• [RECORDS SUPPLIED]:
--
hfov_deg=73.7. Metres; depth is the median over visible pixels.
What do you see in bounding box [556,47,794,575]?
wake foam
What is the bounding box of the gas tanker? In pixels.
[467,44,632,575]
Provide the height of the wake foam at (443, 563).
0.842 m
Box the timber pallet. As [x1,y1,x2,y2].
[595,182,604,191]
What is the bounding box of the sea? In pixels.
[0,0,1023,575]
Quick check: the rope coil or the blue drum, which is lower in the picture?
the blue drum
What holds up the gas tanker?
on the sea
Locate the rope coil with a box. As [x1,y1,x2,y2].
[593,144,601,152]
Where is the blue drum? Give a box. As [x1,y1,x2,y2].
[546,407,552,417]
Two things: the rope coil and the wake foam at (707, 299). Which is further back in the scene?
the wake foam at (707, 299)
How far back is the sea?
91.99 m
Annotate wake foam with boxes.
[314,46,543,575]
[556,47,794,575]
--
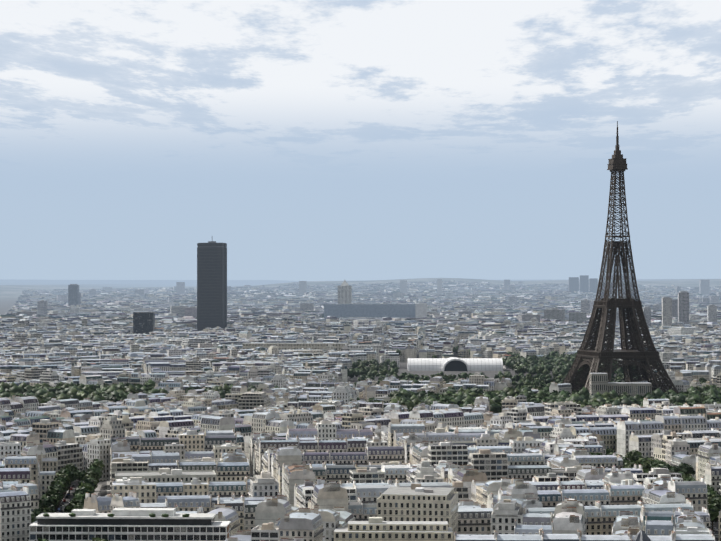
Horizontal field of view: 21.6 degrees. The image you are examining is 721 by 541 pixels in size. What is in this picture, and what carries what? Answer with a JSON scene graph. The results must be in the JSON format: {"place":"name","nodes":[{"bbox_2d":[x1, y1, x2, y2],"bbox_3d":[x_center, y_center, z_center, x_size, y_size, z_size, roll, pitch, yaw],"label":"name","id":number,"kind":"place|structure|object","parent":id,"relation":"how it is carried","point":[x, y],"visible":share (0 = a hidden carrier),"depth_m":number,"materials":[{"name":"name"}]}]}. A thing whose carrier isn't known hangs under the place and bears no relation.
--
• [ASSIGNMENT]: What number of lines in the data contain the word "visible"? Give the number and nothing else.

• [ANSWER SPACE]: 2